Friday, December 18, 2020

Two times two

I found this that I wrote and didn't post... from two years ago:  which means it's been four? Anyway:

 

Dude.  It's been two years (or more?) since I've blogged.  I wanted to look something up, and remembered that I had put it in an old blog--and found it!  Which made me miss some of the things I had been writing.  Not for others, but for myself.  This is basically like journaling for me, only I don't get hand cramps. So, I'm starting to journal again.  Now, the rest of this is my private thoughts, so stop reading.  ;-)  heheh.

People keep asking me if I'm pregnant... but that's basically been my whole life, so whatevs.  Notice that wasn't a denial?  Well, I guess you'll just have to wonder for the next nine months.  Just kidding, I'm not pregnant.  Not that I imagine very much will change when I am preggo. *snickering from the audience in my brain*  I guess I just have that "glow" about me.  Constantly.

On another note:  For our entire marriage, anytime Anton asks me a question I don't want to answer, I have been quite skilled in changing the subject or distracting him.  Recently, however, I've either lost my touch, or he's become more astute.  And so, I have been reverting to: "None of your precious business!" or "Why are you so nosy?!"
Which he finds funny.  And stops pursuing his line of questioning.  Until he gets so curious he can't handle life.

What do I even have to hide from my husband?  This blog, for one:
"What are you doing?"
"Just writing."
"To who?"
"No one."
"Writing a book?"
*snort* "No."
"Then what?"
"Don't you have work to do, why you standing there being so nosy?!"

He has access to this blog, so, clearly I'm being a weirdo.  But I also know he won't ever think to access it.  Unless I tell him about it.  Or someone else does.  *narrowing my eyes at you suspiciously*  Don't tell him.

Why did I make this a public blog?  Why do I even journal by way of blog?  Why am I full of lame questions?  I'm going to go with the blanket answer of... 42... and move on.

To these pictures, because I don't actually have anything else to move on to. Ha.








"Two... one, two... crack... eight!"

Life at home.  I do not feel guilty about staying home instead of contributing to the family income.  Even though I've always had a job (until 2 years ago when Andrei was born).

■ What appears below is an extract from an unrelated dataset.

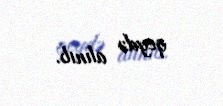
qeydə alınıb.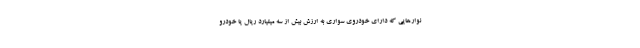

Okay, I do, but then I tell myself, if I left home for work, I'd have to pay someone else to raise my child.  Which would take up most if not all the money I would make.  Plus that person I'd be paying to raise my child would probably just stick him in front of a tv all day, and yell at him when she doesn't understand what he wants.  Would I love my job so much that I'm willing to go that rout?

And some of the most important parenting tactics go against human nature, which a lot of people don't even think about, much  less are willing to change.  There's no way I could get a good enough job where I could afford to pay someone who is a better mother than I am to my kid.

Then I feel better about myself, because I am wiling to admit that my human nature needs to be overcome so that my godly virtues can shine forth and whatnot.  Plus he's my kid and no one loves him more (except God, of course).  So I'm the best choice.
And then I forget about all of that and start feeling guilty again.  It's a stupid circle...

Speaking of being a mother-- the child and I had a few intense disagreements lately. He kept telling me he wanted butterfly on his bread, or his pancakes.
I told him I didn't have any butterflies, and anyway, I wouldn't put any on his bread if I did--and why did he think it was even acceptable to eat butterflies, nobody does that here.

Then I realized, he only asked for butterfly on his bread when he saw me making a peanut butter and jelly sandwich for myself.  Oh.  He just can't remember the word peanut butter (or words, I guess), so he says the next closest thing.  Butterfly.  Right.  I keep saying peanut butter.  He keeps saying butterfly.  We'll get there.

Also, he's started arguing with himself... that's how he puts himself to sleep now.
His new favorite song is "Happy Birthday to You," which he walks around singing half the day.

To get out of the house, we've started going to the activities that the public library hosts.  And now I'm in a situation where I have the opportunity to socialize...
Andrei has no problem socializing... a little too much sometimes when he starts bossing the other kids around.  I, on the other hand, am perfectly content to sit and watch.  And not talk to people.  But I must look awkward to them, because they keep trying to include me in their conversations.

This is a good thing, though.  The missionaries have been issuing challenges to us (because they're missionaries) and I'm actually supposed to start talking to people I don't know.  So, maybe I'll make friends with these library moms.  And then maybe I'll be able to keep up with my kid.